化け物鳥の正体
「気になるのは……クリスのことだ」
私もそれは気になっていた。
どう見ても劣悪なこの環境でアムリアの息子……クリスがまともに育てられてるとは思えなかった。
「クリス? あの図体がでかいだけの弱虫かい? 問題ないとは思うぜ? アムリアは猫には厳しいが鳥は溺愛してるし」
「だからといって息子にも優しいとは限らない……なにかクリスについて知りませんか?」
「うん? よくわからんが……あいつはママーとかにゃんこちゃーんとかしか喋らんしなぁ……あと一つなんか喋れたような……忘れたけど」
「そんな!」
五歳から七歳の子供が二つしか言葉を喋れないなんて異常だ! これは鳥がどうとかというレベルの話じゃなくなってきた。
アムリアと刃物鳥。
この二つの危険からクリスを救わなければ……ニャームズも同じ気持ちのようだ。
肉きゅうに戦闘用グローブを嵌めている。
「今すぐなんとかしなくちゃいけない」
「いくのか?」
「ああ。ニャトソン。

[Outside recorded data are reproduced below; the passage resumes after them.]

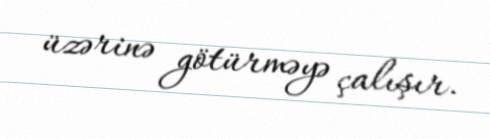
üzərinə götürməyə çalışır.
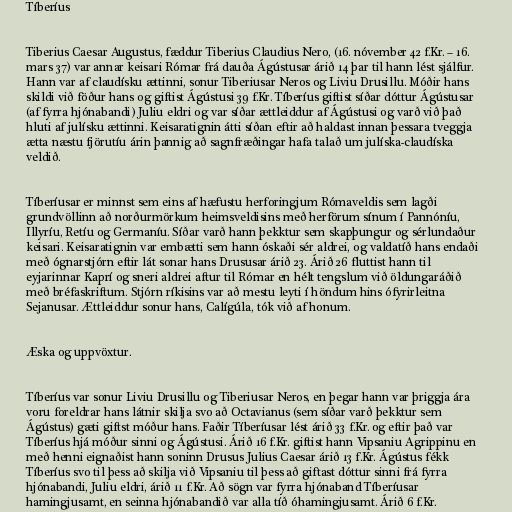
Tíberíus

Tiberius Caesar Augustus, fæddur Tiberius Claudius Nero, (16. nóvember 42 f.Kr. – 16.
mars 37) var annar keisari Rómar frá dauða Ágústusar árið 14 þar til hann lést sjálfur.
Hann var af claudísku ættinni, sonur Tiberiusar Neros og Liviu Drusillu. Móðir hans
skildi við föður hans og giftist Ágústusi 39 f.Kr. Tíberíus giftist síðar dóttur Ágústusar
(af fyrra hjónabandi) Juliu eldri og var síðar ættleiddur af Ágústusi og varð við það
hluti af julísku ættinni. Keisaratignin átti síðan eftir að haldast innan þessara tveggja
ætta næstu fjörutíu árin þannig að sagnfræðingar hafa talað um julíska-claudíska
veldið.

Tíberíusar er minnst sem eins af hæfustu herforingjum Rómaveldis sem lagði
grundvöllinn að norðurmörkum heimsveldisins með herförum sínum í Pannóníu,
Illyríu, Retíu og Germaníu. Síðar varð hann þekktur sem skapþungur og sérlundaður
keisari. Keisaratignin var embætti sem hann óskaði sér aldrei, og valdatíð hans endaði
með ógnarstjórn eftir lát sonar hans Drususar árið 23. Árið 26 fluttist hann til
eyjarinnar Kaprí og sneri aldrei aftur til Rómar en hélt tengslum við öldungaráðið
með bréfaskriftum. Stjórn ríkisins var að mestu leyti í höndum hins ófyrirleitna
Sejanusar. Ættleiddur sonur hans, Calígúla, tók við af honum.

Æska og uppvöxtur.

Tíberíus var sonur Liviu Drusillu og Tiberiusar Neros, en þegar hann var þriggja ára
voru foreldrar hans látnir skilja svo að Octavianus (sem síðar varð þekktur sem
Ágústus) gæti giftst móður hans. Faðir Tíberíusar lést árið 33 f.Kr. og eftir það var
Tíberíus hjá móður sinni og Ágústusi. Árið 16 f.Kr. giftist hann Vipsaniu Agrippinu en
með henni eignaðist hann soninn Drusus Julius Caesar árið 13 f.Kr. Ágústus fékk
Tíberíus svo til þess að skilja við Vipsaniu til þess að giftast dóttur sinni frá fyrra
hjónabandi, Juliu eldri, árið 11 f.Kr. Að sögn var fyrra hjónaband Tíberíusar
hamingjusamt, en seinna hjónabandið var alla tíð óhamingjusamt. Árið 6 f.Kr.
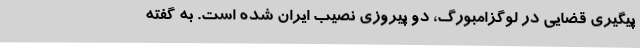
پیگیری قضایی در لوگزامبورگ، دو پیروزی نصیب ایران شده است. به گفته
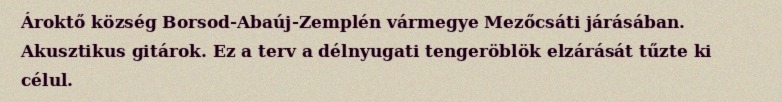
Ároktő község Borsod-Abaúj-Zemplén vármegye Mezőcsáti járásában. Akusztikus gitárok. Ez a terv a délnyugati tengeröblök elzárását tűzte ki célul.
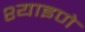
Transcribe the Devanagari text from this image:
श्याइणे
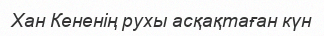
Хан Кененiң рухы асқақтаған күн
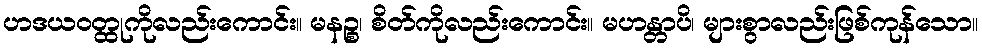
ဟဒယဝတ္ထုကိုလည်းကောင်း။ မနဉ္စ၊ စိတ်ကိုလည်းကောင်း။ မဟန္တာပိ၊ များစွာလည်းဖြစ်ကုန်သော။
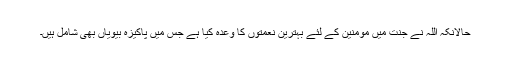
حالانکہ اللہ نے جنت میں مومنین کے لئے بہترین نعمتوں کا وعدہ کیا ہے جس میں پاکیزہ بیویاں بھی شامل ہیں۔
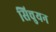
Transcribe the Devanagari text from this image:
सिचुयन
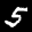
Label: 5
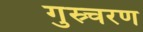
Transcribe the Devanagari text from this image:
गुस्र्चरण
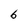
Character: 6
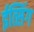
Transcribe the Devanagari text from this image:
ईत्सिंग
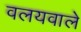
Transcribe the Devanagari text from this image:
वलयवाले
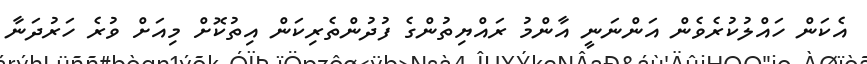
އެކަން ހައްލުކުރެވެން އަންނަނީ އާންމު ރައްޔިތުންގެ ފުދުންތެރިކަން އިތުުކޮށް މިއަށް ވުރެ ހަރުދަނާ
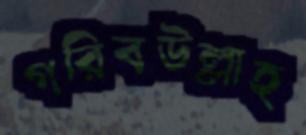
গরিবউল্লাহ
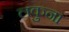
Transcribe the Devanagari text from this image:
लकुना
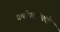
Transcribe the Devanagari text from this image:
वर्षांपलीकडे
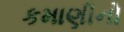
કમાણીનો
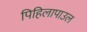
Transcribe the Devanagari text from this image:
पिहिलापाउल
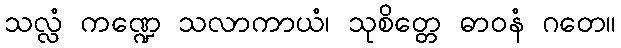
သလ္လံ ကဏ္ဍေ သလာကာယံ၊ သုစိတ္တေ ဓာဝနံ ဂတေ။
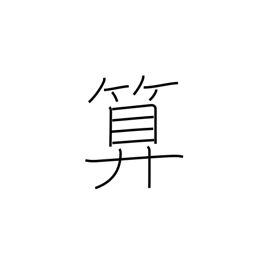
Meaning: abacus
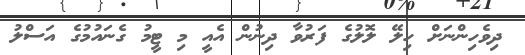
ދިވެހިންނަށް ހިލޭ ލޮލުގެ ފަރުވާ ދިނުން އެއީ މި ޓީމު ގެނައުމުގެ އަސްލު
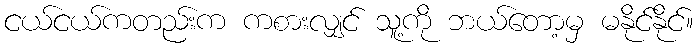
ငယ်ငယ်ကတည်းက ကစားလျှင် သူ့ကို ဘယ်တော့မှ မနိုင်နိုင်။
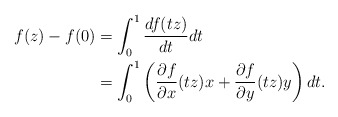
\begin{align*}f(z)-f(0) &= \int_{0}^1 \frac{d f(tz)}{d t} dt \\ &= \int_{0}^1 \left( \frac{\partial f }{\partial x}(tz) x + \frac{\partial f}{\partial y}(tz) y \right) dt. \end{align*}

君は僕の後ろにいたまえ」
いくしかないか……私たちは狂暴な鳥たちのいる部屋に侵入した。
「……お前らが死んだらわるいけど喰うぜ?」
カラスがニヤリとした。
……
静かだ。
そして暗い。
たくさんの気配を感じる。
大、中、小、の檻。
どれも鍵はかかっておらず臭い。
私が鼻を塞いだときだった。
「来たぜ!」
「クエッ!」
「キュピルル!」
鳩やオウム、それに見たこともないような鳥たちが襲いかかってきた。
「セイッ! ……そいやっ!」
お見事! ニャームズは一瞬で襲いかかってきた鳥たちを気絶させた。
年老いてなお強い。
これがニャームズである。
鳥たちの猛攻は続くが束になろうとニャームズの敵ではなかった。
「……諦めたらどうだ? クリスに会わせてくれ」
「フシュシュ……クリス? やつを知ってるのか? ちょうどいい! クリス!」
「ちゅーん?」
一際大きな檻から少年が出てきた。
彼がクリスか。
「我々はニャンコーポール! 君を助けにきた!」
「離れろ! ニャトソン!」
「うわっとぉ!」
「にゃんこちゃーん!」
ザクッ! ザクッ!
クリスの両手には包丁が握られ、振り下ろされたそれが床に刺さった。
「なにごとだいっ!? ……あら? 猫じゃないか」
予想はしていたが……アムリアまで登場か。
もちろん包丁を握っている。
刃物の好きな親子だ!
「クリス! やっちまいな!」
「にゃんこちゃーん! ママー!」
「クリス……彼が化け物鳥の正体だ……ニャトソン」
「なにぃ!?」
クリスは口に刃物を咥え、両手に包丁。
足の指にもナイフを挟んでいる。
確かに全身刃物だが……
「アムリアは任せた!」
「ええっ!?」
「猫めっ! 鳥たちの餌になれぇ!」
なってたまるか! 私だってキャットファイトの経験は浅くない。
助走をつけてアムリアの顔面にミケット・キックを直撃させた。
「……あう」
鼻血を吹き出しながら倒れるアムリア。
包丁はにぎりしめられたまま。
……なんておばちゃんだ。
「ねこ……ちゃ……うっ……」
あちらも決着がついたようだ。
クリスは眠るように気絶した
「ニャトソン。いますぐ人間の警察に電話だ」
「……いいだろう。あとで説明をきかせてもらうよ?」
人間なのにクリスが化け物鳥……。
よくわかにゃん。
なぜクリスは鳥の檻から出てきたのだろうか?
窓の方をみた。
カラスが残念そうな顔をしている。